- BRIEF
Restate word for word the entries below, starting with the line with "#8022 = VERTEX_POINT ( 'NONE', #1196 ) ;" and continuing through the line with "#11443 = LINE ( 'NONE', #4522, #1820 ) ;". Include both of those lines and no others.
START INFORMATION SUPPLIED
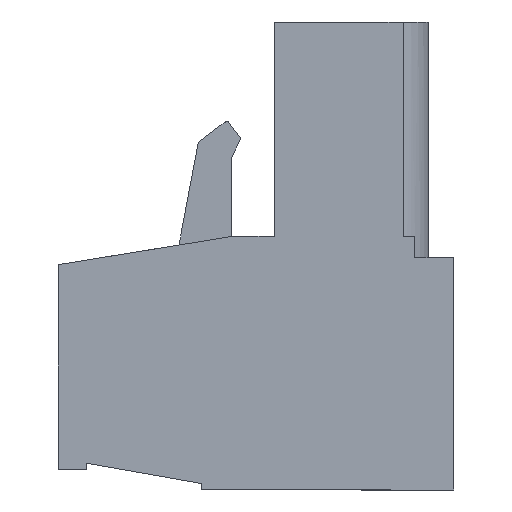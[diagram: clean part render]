
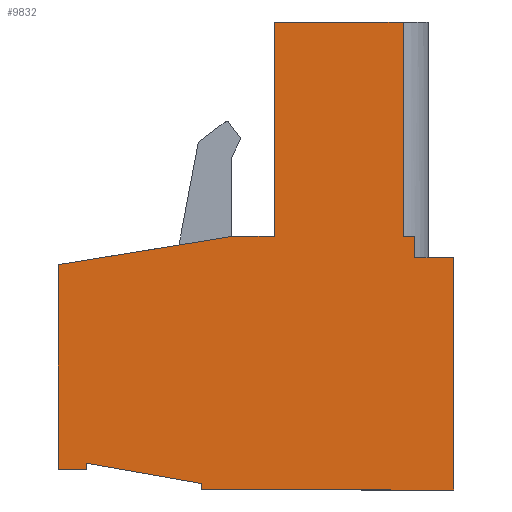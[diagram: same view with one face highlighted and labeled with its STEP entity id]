
A CAD part, left-side view. The second image highlights one B-rep face of the part: STEP entity #9832.
In plain terms, the highlighted planar face has unit normal (-1, 0, 0).
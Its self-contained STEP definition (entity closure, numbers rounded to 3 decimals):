
#67 = CARTESIAN_POINT ( 'NONE',  ( 0., 15.33, -0.26 ) ) ;
#131 = CARTESIAN_POINT ( 'NONE',  ( 0., 1.51, 0.85 ) ) ;
#504 = EDGE_CURVE ( 'NONE', #6687, #12495, #13655, .T. ) ;
#516 = PLANE ( 'NONE',  #12591 ) ;
#644 = LINE ( 'NONE', #12780, #13620 ) ;
#1108 = CARTESIAN_POINT ( 'NONE',  ( 0., 6.96, 0.85 ) ) ;
#1196 = CARTESIAN_POINT ( 'NONE',  ( 0., 6.96, 9.15 ) ) ;
#1331 = ORIENTED_EDGE ( 'NONE', *, *, #5220, .F. ) ;
#1434 = EDGE_CURVE ( 'NONE', #13706, #10867, #15742, .T. ) ;
#1468 = ORIENTED_EDGE ( 'NONE', *, *, #13469, .F. ) ;
#1696 = CARTESIAN_POINT ( 'NONE',  ( 0., 15.33, -8.2 ) ) ;
#1713 = CARTESIAN_POINT ( 'NONE',  ( 0., 15.33, -0.26 ) ) ;
#1728 = VERTEX_POINT ( 'NONE', #67 ) ;
#1803 = CARTESIAN_POINT ( 'NONE',  ( 0., 1.96, 9.15 ) ) ;
#1820 = VECTOR ( 'NONE', #15746, 1000. ) ;
#1899 = DIRECTION ( 'NONE',  ( 1., 0., 0. ) ) ;
#2093 = LINE ( 'NONE', #2292, #10930 ) ;
#2273 = VERTEX_POINT ( 'NONE', #6701 ) ;
#2292 = CARTESIAN_POINT ( 'NONE',  ( 0., 9.77, -9. ) ) ;
#2294 = DIRECTION ( 'NONE',  ( 0., -1., 0. ) ) ;
#2434 = EDGE_CURVE ( 'NONE', #8022, #13706, #11443, .T. ) ;
#2580 = EDGE_CURVE ( 'NONE', #10867, #14043, #3197, .T. ) ;
#2623 = VECTOR ( 'NONE', #14436, 1000. ) ;
#2633 = CARTESIAN_POINT ( 'NONE',  ( 0., 6.96, 0.85 ) ) ;
#2648 = CARTESIAN_POINT ( 'NONE',  ( 0., 0., 0. ) ) ;
#2651 = VECTOR ( 'NONE', #9513, 1000. ) ;
#2817 = VECTOR ( 'NONE', #10649, 1000. ) ;
#2865 = ORIENTED_EDGE ( 'NONE', *, *, #2434, .F. ) ;
#2867 = DIRECTION ( 'NONE',  ( 0., -1., 0. ) ) ;
#2981 = CARTESIAN_POINT ( 'NONE',  ( 0., 14.24, -7.96 ) ) ;
#3170 = CARTESIAN_POINT ( 'NONE',  ( 0., 8.49, 0.85 ) ) ;
#3197 = LINE ( 'NONE', #13574, #12816 ) ;
#3230 = ORIENTED_EDGE ( 'NONE', *, *, #15328, .F. ) ;
#3441 = EDGE_CURVE ( 'NONE', #8331, #15934, #2093, .T. ) ;
#3471 = CARTESIAN_POINT ( 'NONE',  ( 0., 14.24, -8.2 ) ) ;
#3585 = VECTOR ( 'NONE', #13010, 1000. ) ;
#4163 = EDGE_LOOP ( 'NONE', ( #7129, #12932, #15501, #13998, #2865, #1468, #14062, #11432, #5928, #4217, #3230, #16073, #6685, #5958, #1331 ) ) ;
#4217 = ORIENTED_EDGE ( 'NONE', *, *, #5533, .F. ) ;
#4396 = CARTESIAN_POINT ( 'NONE',  ( 0., 14.24, -8.2 ) ) ;
#4522 = CARTESIAN_POINT ( 'NONE',  ( 0., 6.96, 9.15 ) ) ;
#4809 = CARTESIAN_POINT ( 'NONE',  ( 0., 0., -9. ) ) ;
#5220 = EDGE_CURVE ( 'NONE', #8104, #2273, #644, .T. ) ;
#5440 = LINE ( 'NONE', #4809, #15014 ) ;
#5473 = VECTOR ( 'NONE', #5481, 1000. ) ;
#5481 = DIRECTION ( 'NONE',  ( 0., 0., -1. ) ) ;
#5495 = LINE ( 'NONE', #1696, #15067 ) ;
#5533 = EDGE_CURVE ( 'NONE', #6302, #14808, #15945, .T. ) ;
#5811 = DIRECTION ( 'NONE',  ( 0., 0.985, 0.174 ) ) ;
#5928 = ORIENTED_EDGE ( 'NONE', *, *, #12641, .F. ) ;
#5958 = ORIENTED_EDGE ( 'NONE', *, *, #13906, .F. ) ;
#6082 = EDGE_CURVE ( 'NONE', #1728, #6687, #10292, .T. ) ;
#6242 = VECTOR ( 'NONE', #9922, 1000. ) ;
#6302 = VERTEX_POINT ( 'NONE', #3471 ) ;
#6381 = LINE ( 'NONE', #8249, #2651 ) ;
#6423 = LINE ( 'NONE', #11590, #9378 ) ;
#6604 = CARTESIAN_POINT ( 'NONE',  ( 0., 9.77, -8.75 ) ) ;
#6685 = ORIENTED_EDGE ( 'NONE', *, *, #3441, .F. ) ;
#6687 = VERTEX_POINT ( 'NONE', #8012 ) ;
#6701 = CARTESIAN_POINT ( 'NONE',  ( 0., 0., -9. ) ) ;
#6982 = VECTOR ( 'NONE', #8122, 1000. ) ;
#7010 = CARTESIAN_POINT ( 'NONE',  ( 0., 1.96, 0.85 ) ) ;
#7129 = ORIENTED_EDGE ( 'NONE', *, *, #15938, .F. ) ;
#8012 = CARTESIAN_POINT ( 'NONE',  ( 0., 8.49, 0.85 ) ) ;
#8022 = VERTEX_POINT ( 'NONE', #1196 ) ;
#8098 = CARTESIAN_POINT ( 'NONE',  ( 0., 15.33, -8.2 ) ) ;
#8101 = CARTESIAN_POINT ( 'NONE',  ( 0., 14.24, -7.96 ) ) ;
#8104 = VERTEX_POINT ( 'NONE', #2648 ) ;
#8122 = DIRECTION ( 'NONE',  ( 0., -1., 0. ) ) ;
#8175 = CARTESIAN_POINT ( 'NONE',  ( 0., 1.96, 9.15 ) ) ;
#8210 = FACE_OUTER_BOUND ( 'NONE', #4163, .T. ) ;
#8227 = VECTOR ( 'NONE', #5811, 1000. ) ;
#8249 = CARTESIAN_POINT ( 'NONE',  ( 0., 1.51, 0.85 ) ) ;
#8284 = CARTESIAN_POINT ( 'NONE',  ( 0., 9.77, -9. ) ) ;
#8331 = VERTEX_POINT ( 'NONE', #8284 ) ;
#9200 = LINE ( 'NONE', #2981, #5473 ) ;
#9236 = DIRECTION ( 'NONE',  ( 0., 0., 1. ) ) ;
#9378 = VECTOR ( 'NONE', #2867, 1000. ) ;
#9392 = EDGE_CURVE ( 'NONE', #15934, #13713, #14875, .T. ) ;
#9436 = CARTESIAN_POINT ( 'NONE',  ( 0., 0., 0. ) ) ;
#9513 = DIRECTION ( 'NONE',  ( 0., 0., -1. ) ) ;
#9832 = ADVANCED_FACE ( 'NONE', ( #8210 ), #516, .F. ) ;
#9922 = DIRECTION ( 'NONE',  ( 0., 0., 1. ) ) ;
#9989 = VERTEX_POINT ( 'NONE', #10954 ) ;
#9997 = LINE ( 'NONE', #1108, #6242 ) ;
#10281 = DIRECTION ( 'NONE',  ( 0., 0., -1. ) ) ;
#10292 = LINE ( 'NONE', #1713, #3585 ) ;
#10649 = DIRECTION ( 'NONE',  ( 0., 0., -1. ) ) ;
#10673 = DIRECTION ( 'NONE',  ( 0., 0., -1. ) ) ;
#10867 = VERTEX_POINT ( 'NONE', #7010 ) ;
#10930 = VECTOR ( 'NONE', #12330, 1000. ) ;
#10954 = CARTESIAN_POINT ( 'NONE',  ( 0., 1.51, 0. ) ) ;
#11326 = EDGE_CURVE ( 'NONE', #14043, #9989, #6381, .T. ) ;
#11432 = ORIENTED_EDGE ( 'NONE', *, *, #6082, .F. ) ;
#11443 = LINE ( 'NONE', #4522, #1820 ) ;
#11590 = CARTESIAN_POINT ( 'NONE',  ( 0., 1.51, 0. ) ) ;
#12277 = DIRECTION ( 'NONE',  ( 0., 1., 0. ) ) ;
#12330 = DIRECTION ( 'NONE',  ( 0., 0., 1. ) ) ;
#12495 = VERTEX_POINT ( 'NONE', #2633 ) ;
#12591 = AXIS2_PLACEMENT_3D ( 'NONE', #9436, #1899, #10673 ) ;
#12641 = EDGE_CURVE ( 'NONE', #14808, #1728, #5495, .T. ) ;
#12780 = CARTESIAN_POINT ( 'NONE',  ( 0., 0., 0. ) ) ;
#12816 = VECTOR ( 'NONE', #2294, 1000. ) ;
#12932 = ORIENTED_EDGE ( 'NONE', *, *, #11326, .F. ) ;
#13010 = DIRECTION ( 'NONE',  ( 0., -0.987, 0.16 ) ) ;
#13469 = EDGE_CURVE ( 'NONE', #12495, #8022, #9997, .T. ) ;
#13574 = CARTESIAN_POINT ( 'NONE',  ( 0., 1.96, 0.85 ) ) ;
#13620 = VECTOR ( 'NONE', #10281, 1000. ) ;
#13655 = LINE ( 'NONE', #3170, #6982 ) ;
#13706 = VERTEX_POINT ( 'NONE', #1803 ) ;
#13713 = VERTEX_POINT ( 'NONE', #8101 ) ;
#13906 = EDGE_CURVE ( 'NONE', #2273, #8331, #5440, .T. ) ;
#13998 = ORIENTED_EDGE ( 'NONE', *, *, #1434, .F. ) ;
#14043 = VERTEX_POINT ( 'NONE', #131 ) ;
#14062 = ORIENTED_EDGE ( 'NONE', *, *, #504, .F. ) ;
#14436 = DIRECTION ( 'NONE',  ( 0., 1., 0. ) ) ;
#14538 = CARTESIAN_POINT ( 'NONE',  ( 0., 9.77, -8.75 ) ) ;
#14808 = VERTEX_POINT ( 'NONE', #8098 ) ;
#14875 = LINE ( 'NONE', #14538, #8227 ) ;
#15014 = VECTOR ( 'NONE', #12277, 1000. ) ;
#15067 = VECTOR ( 'NONE', #9236, 1000. ) ;
#15328 = EDGE_CURVE ( 'NONE', #13713, #6302, #9200, .T. ) ;
#15501 = ORIENTED_EDGE ( 'NONE', *, *, #2580, .F. ) ;
#15742 = LINE ( 'NONE', #8175, #2817 ) ;
#15746 = DIRECTION ( 'NONE',  ( 0., -1., 0. ) ) ;
#15934 = VERTEX_POINT ( 'NONE', #6604 ) ;
#15938 = EDGE_CURVE ( 'NONE', #9989, #8104, #6423, .T. ) ;
#15945 = LINE ( 'NONE', #4396, #2623 ) ;
#16073 = ORIENTED_EDGE ( 'NONE', *, *, #9392, .F. ) ;
END INFORMATION SUPPLIED
- EXERCISE RESPONSE
#8022 = VERTEX_POINT ( 'NONE', #1196 ) ;
#8098 = CARTESIAN_POINT ( 'NONE',  ( 0., 15.33, -8.2 ) ) ;
#8101 = CARTESIAN_POINT ( 'NONE',  ( 0., 14.24, -7.96 ) ) ;
#8104 = VERTEX_POINT ( 'NONE', #2648 ) ;
#8122 = DIRECTION ( 'NONE',  ( 0., -1., 0. ) ) ;
#8175 = CARTESIAN_POINT ( 'NONE',  ( 0., 1.96, 9.15 ) ) ;
#8210 = FACE_OUTER_BOUND ( 'NONE', #4163, .T. ) ;
#8227 = VECTOR ( 'NONE', #5811, 1000. ) ;
#8249 = CARTESIAN_POINT ( 'NONE',  ( 0., 1.51, 0.85 ) ) ;
#8284 = CARTESIAN_POINT ( 'NONE',  ( 0., 9.77, -9. ) ) ;
#8331 = VERTEX_POINT ( 'NONE', #8284 ) ;
#9200 = LINE ( 'NONE', #2981, #5473 ) ;
#9236 = DIRECTION ( 'NONE',  ( 0., 0., 1. ) ) ;
#9378 = VECTOR ( 'NONE', #2867, 1000. ) ;
#9392 = EDGE_CURVE ( 'NONE', #15934, #13713, #14875, .T. ) ;
#9436 = CARTESIAN_POINT ( 'NONE',  ( 0., 0., 0. ) ) ;
#9513 = DIRECTION ( 'NONE',  ( 0., 0., -1. ) ) ;
#9832 = ADVANCED_FACE ( 'NONE', ( #8210 ), #516, .F. ) ;
#9922 = DIRECTION ( 'NONE',  ( 0., 0., 1. ) ) ;
#9989 = VERTEX_POINT ( 'NONE', #10954 ) ;
#9997 = LINE ( 'NONE', #1108, #6242 ) ;
#10281 = DIRECTION ( 'NONE',  ( 0., 0., -1. ) ) ;
#10292 = LINE ( 'NONE', #1713, #3585 ) ;
#10649 = DIRECTION ( 'NONE',  ( 0., 0., -1. ) ) ;
#10673 = DIRECTION ( 'NONE',  ( 0., 0., -1. ) ) ;
#10867 = VERTEX_POINT ( 'NONE', #7010 ) ;
#10930 = VECTOR ( 'NONE', #12330, 1000. ) ;
#10954 = CARTESIAN_POINT ( 'NONE',  ( 0., 1.51, 0. ) ) ;
#11326 = EDGE_CURVE ( 'NONE', #14043, #9989, #6381, .T. ) ;
#11432 = ORIENTED_EDGE ( 'NONE', *, *, #6082, .F. ) ;
#11443 = LINE ( 'NONE', #4522, #1820 ) ;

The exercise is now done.